We have learnt quite a lot about
Windows 7 this week, and one of the things was that Windows 7
would not get a new kernel. The call for a new kernel has been made a few times on the internet, but anyone with a bit more insight into Windows' kernel knows that there is absolutely no need to write a new kernel for Windows - the problems with Windows lie in userland, not kernelland. While the authenticity of the Shipping Seven blog is not undisputed, the blogger makes some
very excellent points regarding the kernel matter.
Member since:
2006-03-18
Really? Didn't know the BSOD ran as a user process.
BSOD? What's that? Never seen one with Vista. In fact, I think I saw one in 5 years of working with dozens of XP systems.
Also didn't know that process management was a userland thing either. That must explain why when I tell the OS to kill a process, I have to tell it 15 times before it dies. This explains a lot.
Taskmanager will always kill a process immediately, but will be more likely to result in loss of data.

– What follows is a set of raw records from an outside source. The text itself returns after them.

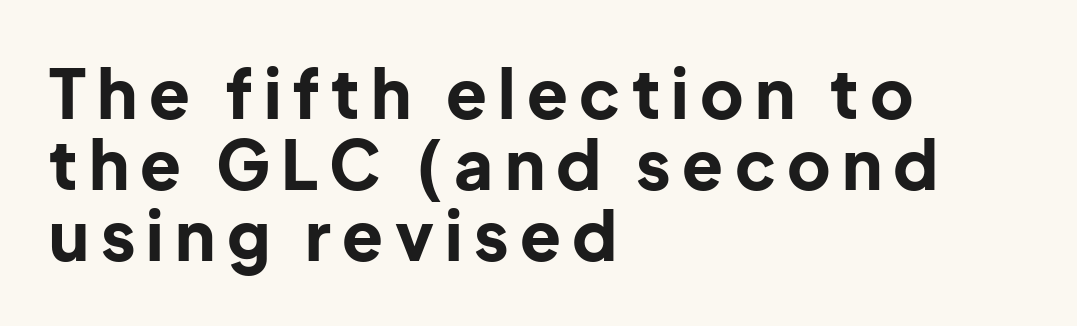
The image shows 67 px bold sans-serif type, upright; set left-aligned, tight line spacing (1.06x), not underlined; low stroke contrast and a medium x-height.
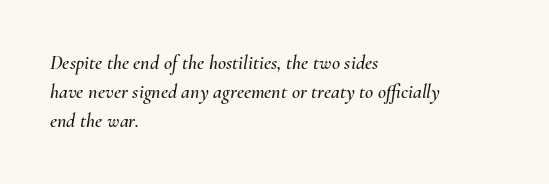
{"italic": "yes", "lean": "right", "slant_degrees": 10, "underline": "no", "align": "left", "line_spacing": "normal", "line_spacing_ratio": 1.46, "letter_spacing": "normal", "letter_spacing_em": 0.0, "glyph_px": 20}
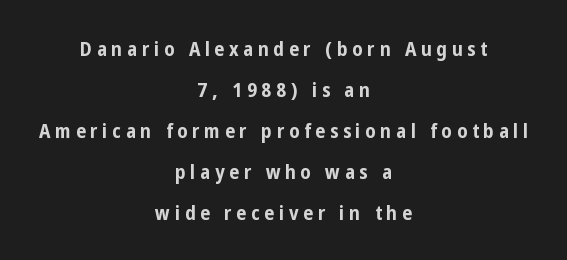
Q: Is the text bold? A: Yes.
Q: Is the text italic (slanted)? A: No, it is upright.
Q: Is the text underlined? A: No.
Q: How is the paragraph aligned? A: Centered.
Q: Is the spacing between letters normal or unusually wide? A: Unusually wide.
Q: Is the spacing between lines tight, normal or loose? A: Loose.
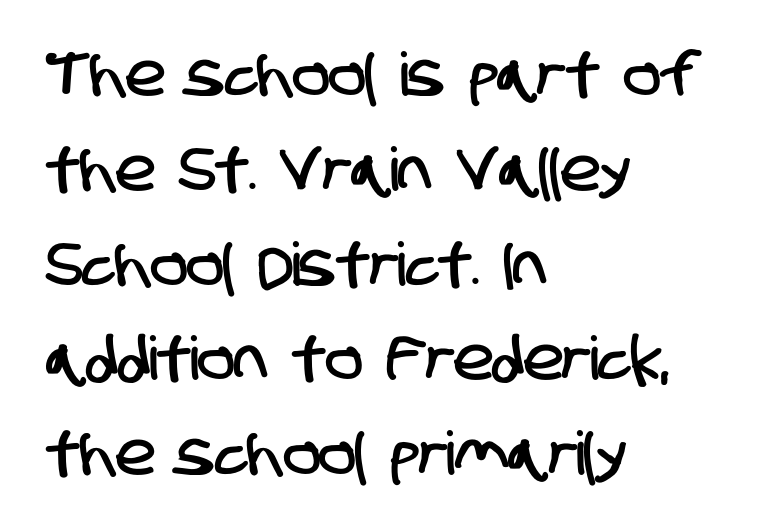
{"serif": "no", "width": "condensed", "stroke_contrast": "low", "x_height": "large", "monospaced": "no", "underline": "no", "align": "left", "line_spacing": "normal", "line_spacing_ratio": 1.58, "letter_spacing": "normal", "letter_spacing_em": 0.0, "glyph_px": 60}
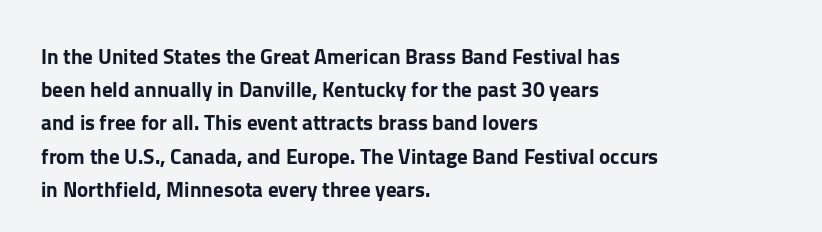
{"italic": "no", "underline": "no", "align": "left", "line_spacing": "normal", "line_spacing_ratio": 1.58, "letter_spacing": "normal", "letter_spacing_em": 0.0, "glyph_px": 21}
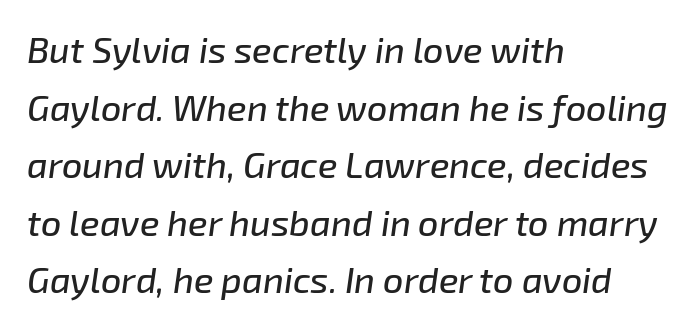
The image shows 36 px text type, italic (leaning right); set left-aligned, normal line spacing (1.6x), normal letter spacing, not underlined; low stroke contrast and a medium x-height.
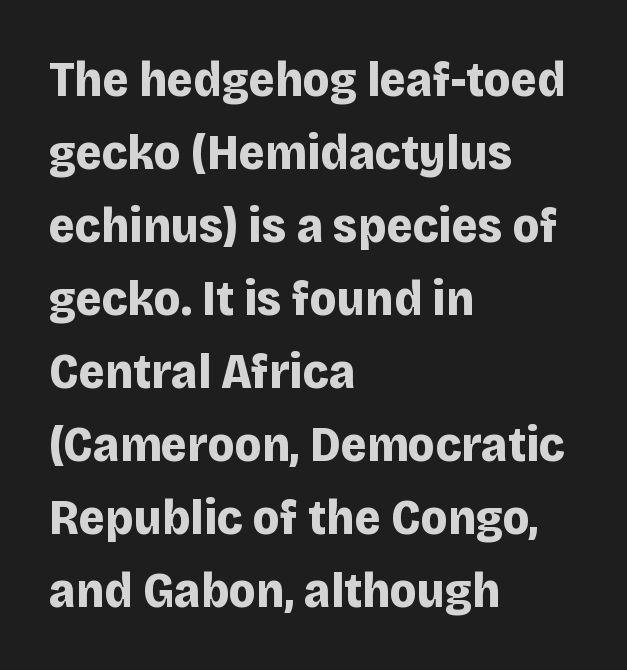
Q: Is the text bold? A: Yes.
Q: Is the text italic (slanted)? A: No, it is upright.
Q: Is the typeface a serif or a sans-serif typeface? A: Sans-serif.
Q: Is the text underlined? A: No.
Q: How is the paragraph aligned? A: Left-aligned.
Q: Is the spacing between letters normal or unusually wide? A: Normal.
Q: Is the spacing between lines tight, normal or loose? A: Normal.
Q: Width (condensed, normal, or wide)? A: Normal.
Q: Stroke contrast? A: Low.
Q: x-height? A: Large.
Q: Monospaced? A: No.
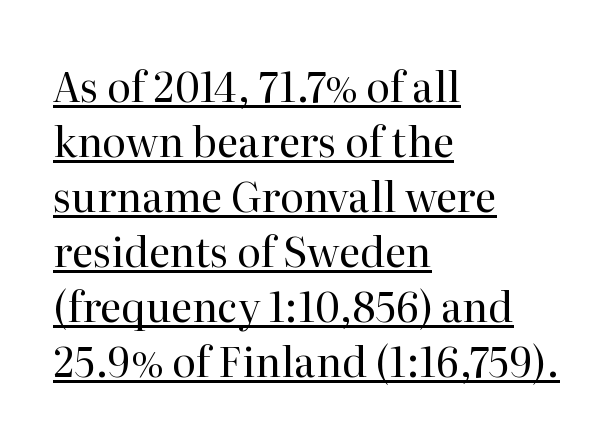
Where is the straight margin? On the left. Rendered with straight, roman letterforms. A normal amount of white space separates one row of letters from the next. The designer went with a serif here, giving each stem small feet. Weight: not bold — regular or lighter.

The "End Now" dialog is a bit more conservative, and also invokes the various (slow) crash logging processes. I two wish the "End Now" dialog actually did what it said, but taskmanager is more than adequate.

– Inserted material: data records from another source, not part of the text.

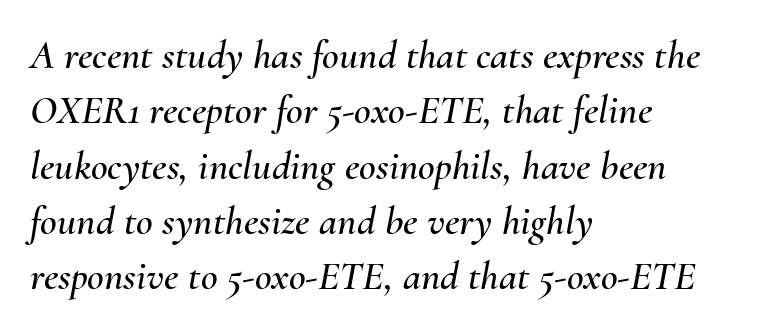
Q: Is the text italic (slanted)? A: Yes, it leans right by about 10 degrees.
Q: Is the text underlined? A: No.
Q: How is the paragraph aligned? A: Left-aligned.
Q: Is the spacing between letters normal or unusually wide? A: Normal.
Q: Is the spacing between lines tight, normal or loose? A: Normal.
Q: Width (condensed, normal, or wide)? A: Normal.
Q: Stroke contrast? A: Medium.
Q: x-height? A: Small.
Q: Monospaced? A: No.
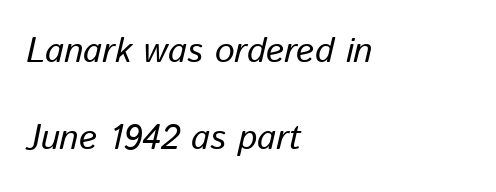
{"italic": "yes", "lean": "right", "slant_degrees": 13, "bold": "no", "weight": "regular", "width": "normal", "stroke_contrast": "low", "x_height": "medium", "monospaced": "no", "underline": "no", "align": "left", "line_spacing": "loose", "line_spacing_ratio": 2.5, "letter_spacing": "normal", "letter_spacing_em": 0.0, "glyph_px": 35}
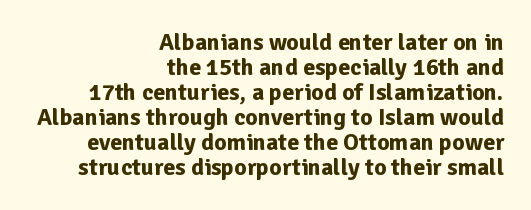
Q: Is the text bold? A: Yes.
Q: Is the text italic (slanted)? A: No, it is upright.
Q: Is the text underlined? A: No.
Q: How is the paragraph aligned? A: Right-aligned.
Q: Is the spacing between letters normal or unusually wide? A: Normal.
Q: Is the spacing between lines tight, normal or loose? A: Tight.

Why are you telling me this...I don't care if it isn't responding, I'M SHUTTING DOWN you idiot OS!
You shutdown your laptop? I just close the lid, it goes to standby, and then hibernates after few minutes.
As for the "some crap is not responding" - would you prefer the OS terminate applications and lose your data without confirmation? I think I'd rather have depleted battery.
What I cannot understand is why the shutdown process is such a frigging pain - and it has mostly to do with userland programs that pop up interactive dialogs on shutdown. The OS simply can't know what to do in this instance. It'd be nice if most programs were written to simply save themselves to a safe state on shutdown, and address any outstanding issues when the user next starts the program - "When you last shutdown, you were editing this file but didn't save it, do you want to save your changes or revert?"